START Supplied information
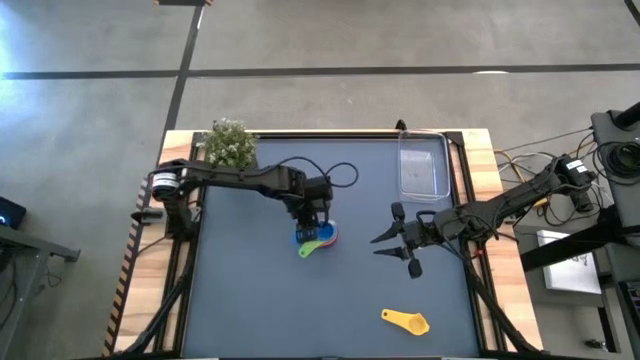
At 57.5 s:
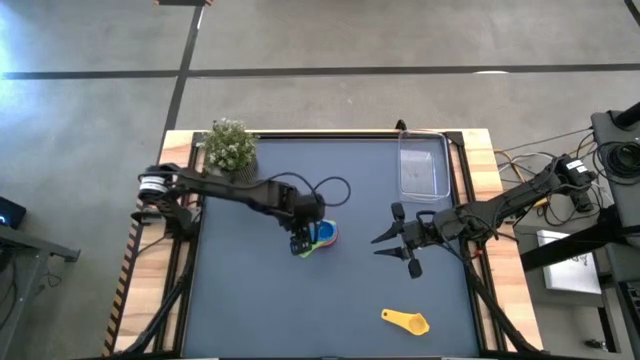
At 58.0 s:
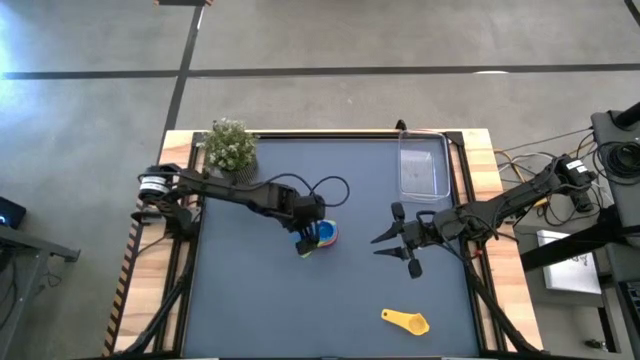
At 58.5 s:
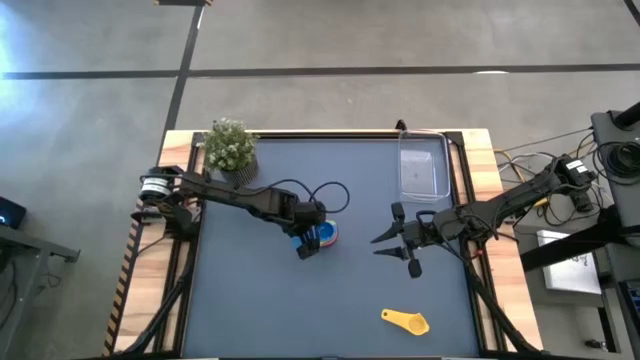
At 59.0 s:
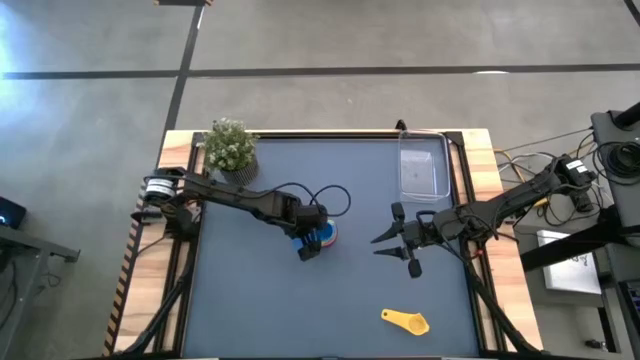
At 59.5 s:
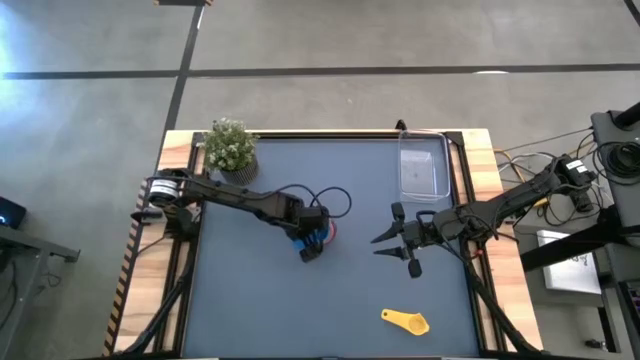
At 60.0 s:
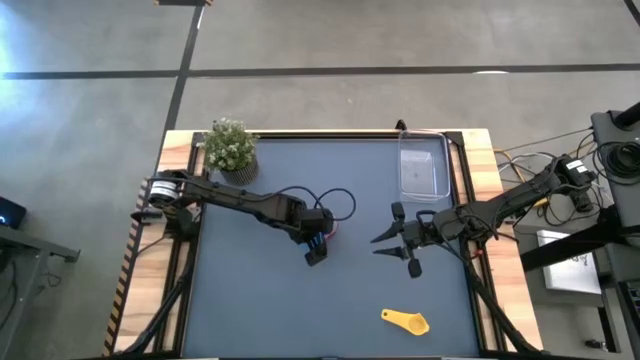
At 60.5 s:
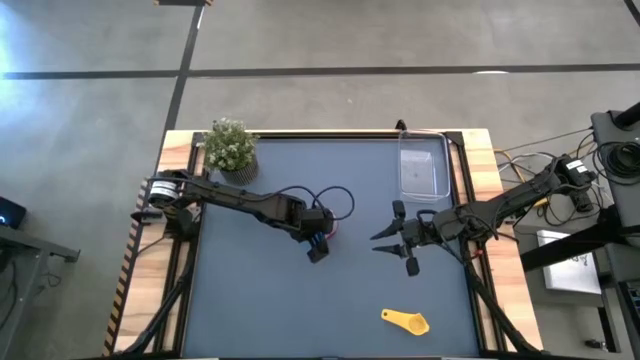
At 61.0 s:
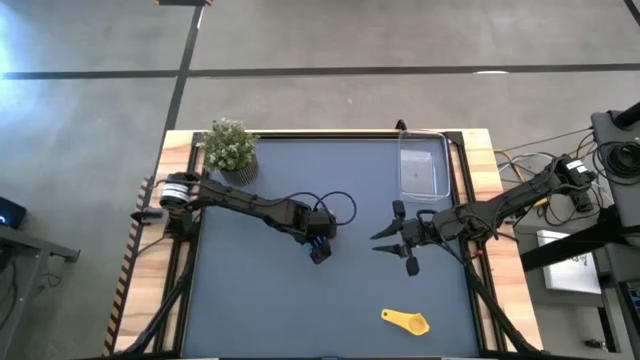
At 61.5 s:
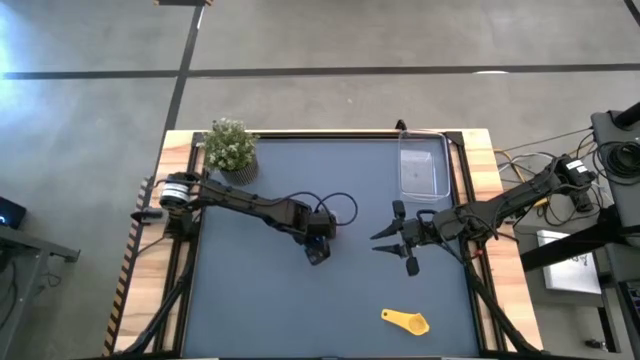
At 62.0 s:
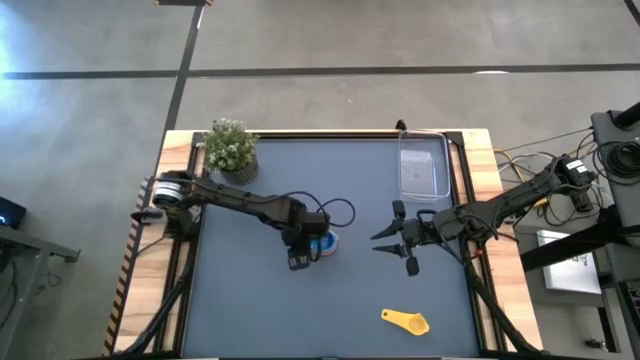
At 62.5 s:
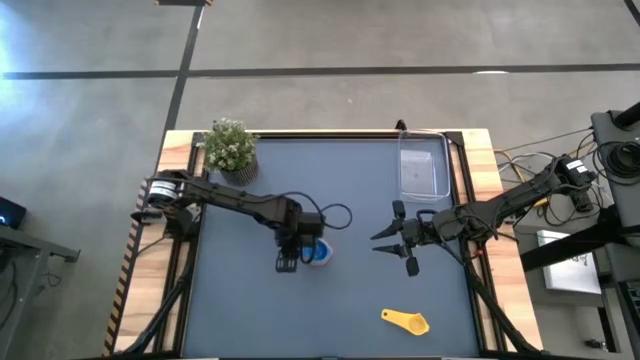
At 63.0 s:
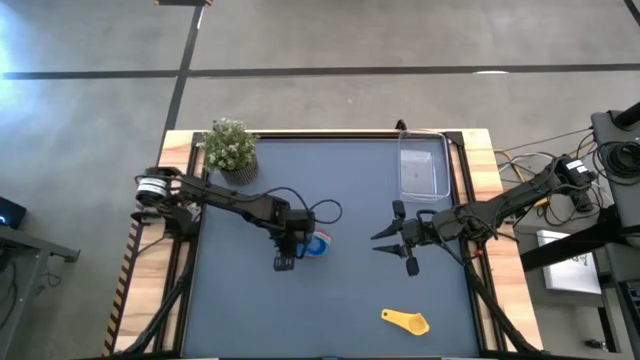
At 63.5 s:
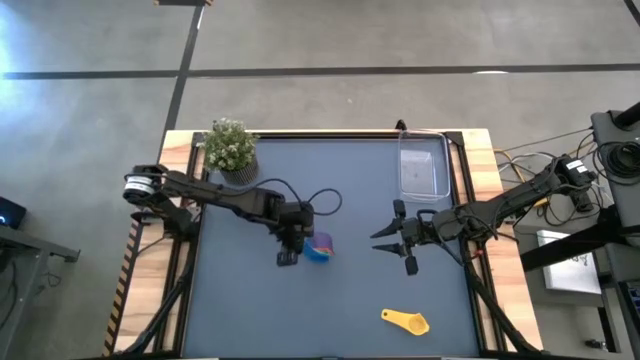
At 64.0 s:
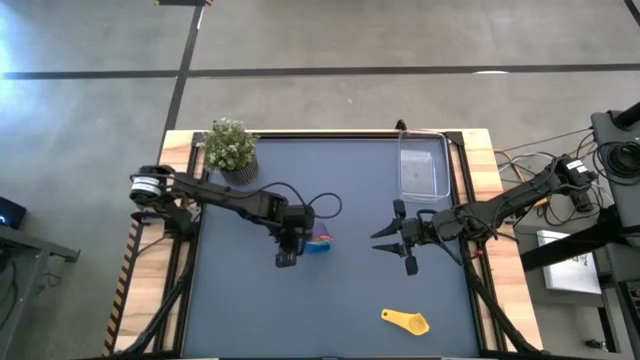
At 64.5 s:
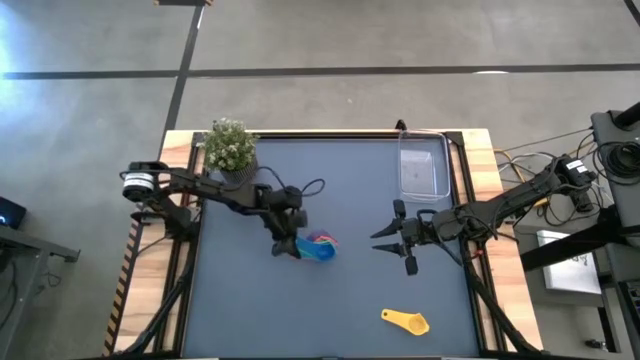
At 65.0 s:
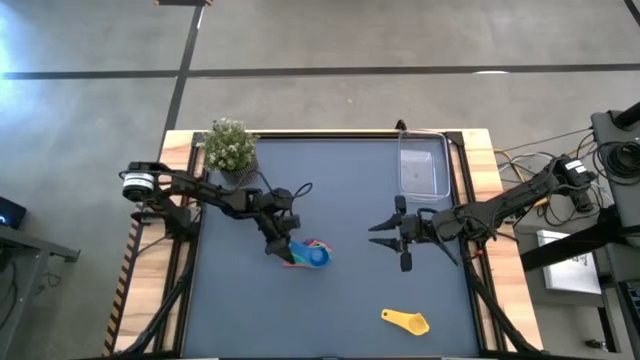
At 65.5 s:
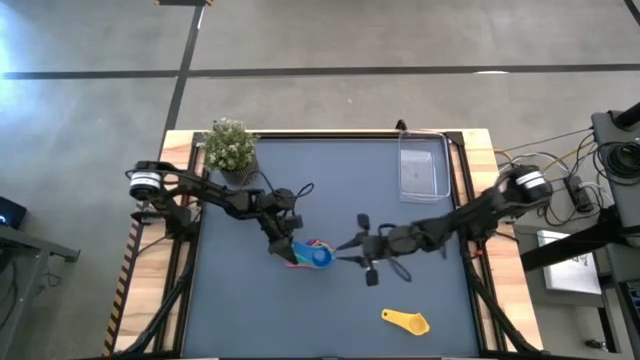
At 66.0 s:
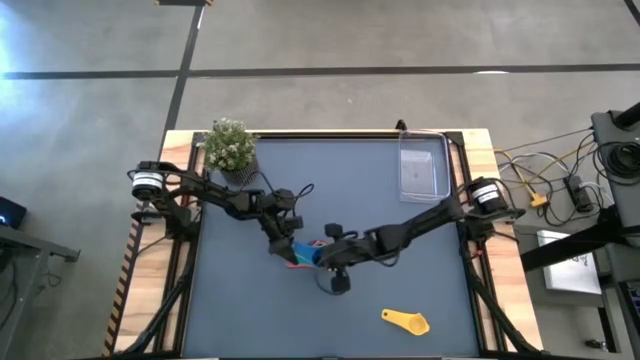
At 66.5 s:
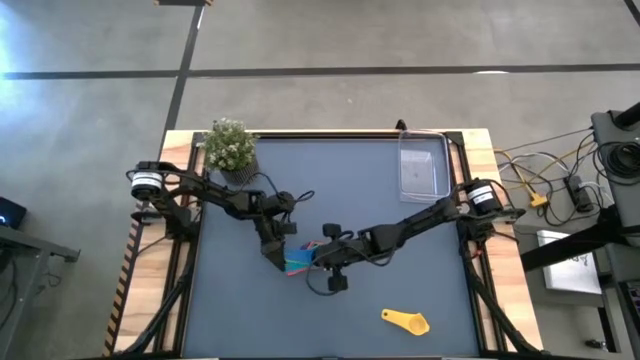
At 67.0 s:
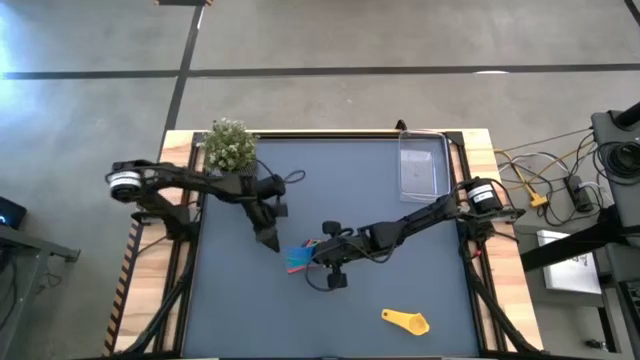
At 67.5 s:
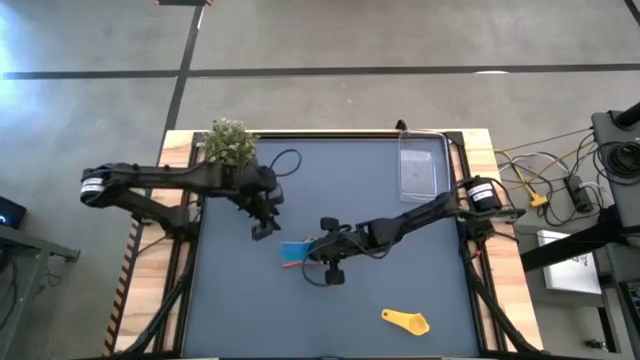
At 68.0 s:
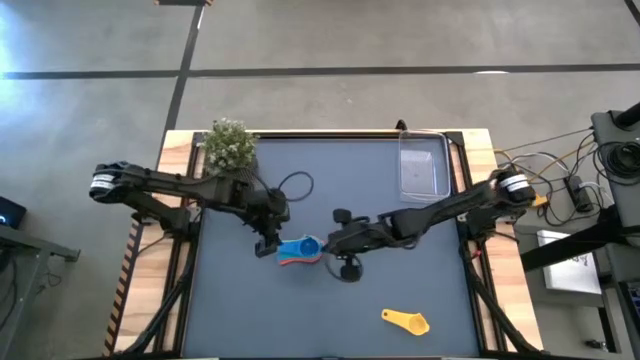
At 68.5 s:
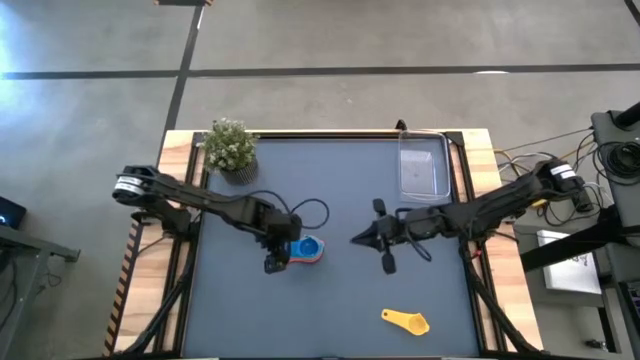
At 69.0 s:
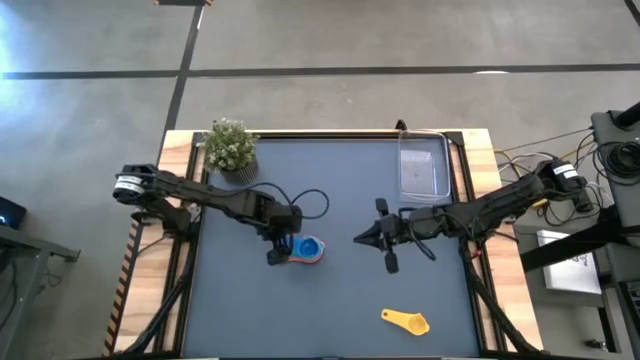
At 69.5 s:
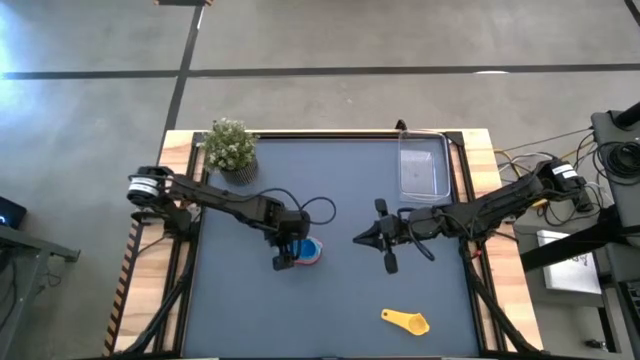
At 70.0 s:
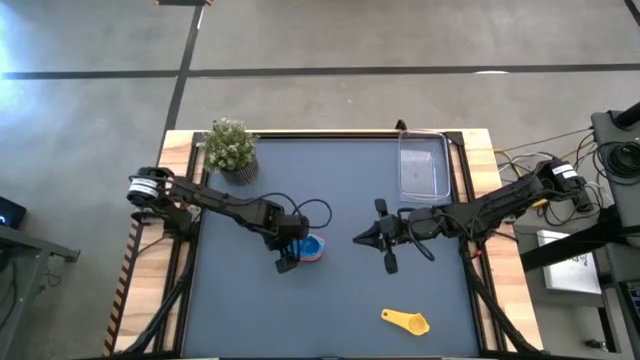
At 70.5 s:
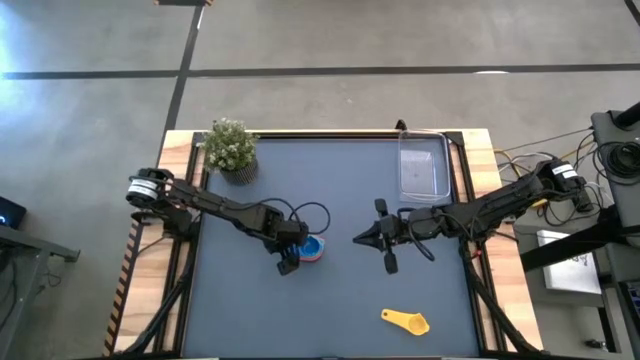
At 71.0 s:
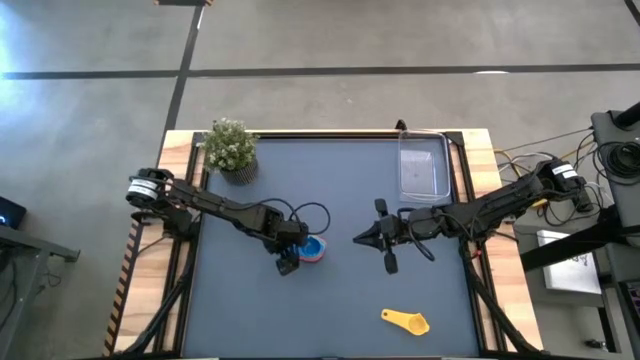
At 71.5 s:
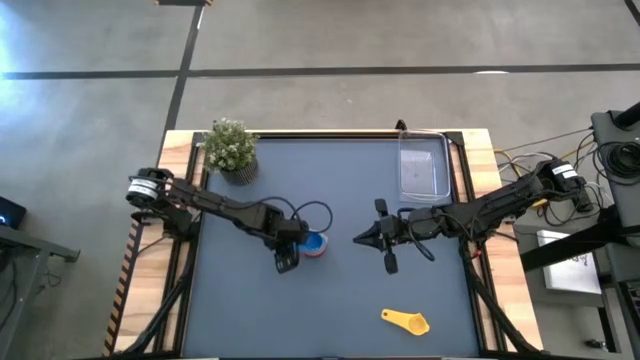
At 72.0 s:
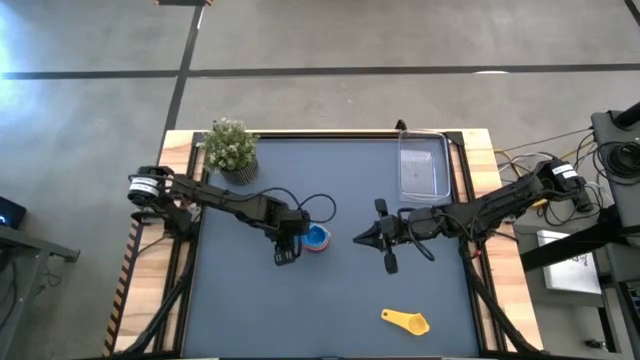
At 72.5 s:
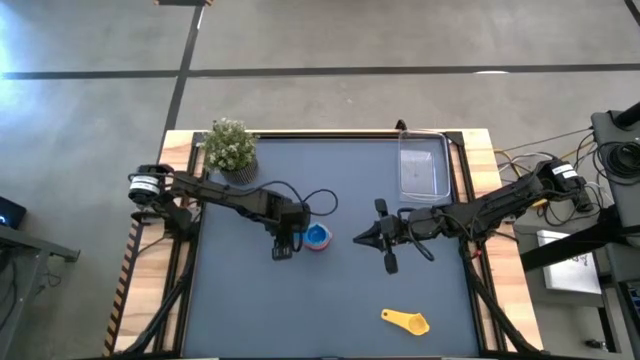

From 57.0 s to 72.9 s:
END Supplied information
* **Problem to solve**
What is needed here is each line above set down word for word, minus the images.

* **Answer to this problem**
At 57.5 s:
At 58.0 s:
At 58.5 s:
At 59.0 s:
At 59.5 s:
At 60.0 s:
At 60.5 s:
At 61.0 s:
At 61.5 s:
At 62.0 s:
At 62.5 s:
At 63.0 s:
At 63.5 s:
At 64.0 s:
At 64.5 s:
At 65.0 s:
At 65.5 s:
At 66.0 s:
At 66.5 s:
At 67.0 s:
At 67.5 s:
At 68.0 s:
At 68.5 s:
At 69.0 s:
At 69.5 s:
At 70.0 s:
At 70.5 s:
At 71.0 s:
At 71.5 s:
At 72.0 s:
At 72.5 s:

From 57.0 s to 72.9 s:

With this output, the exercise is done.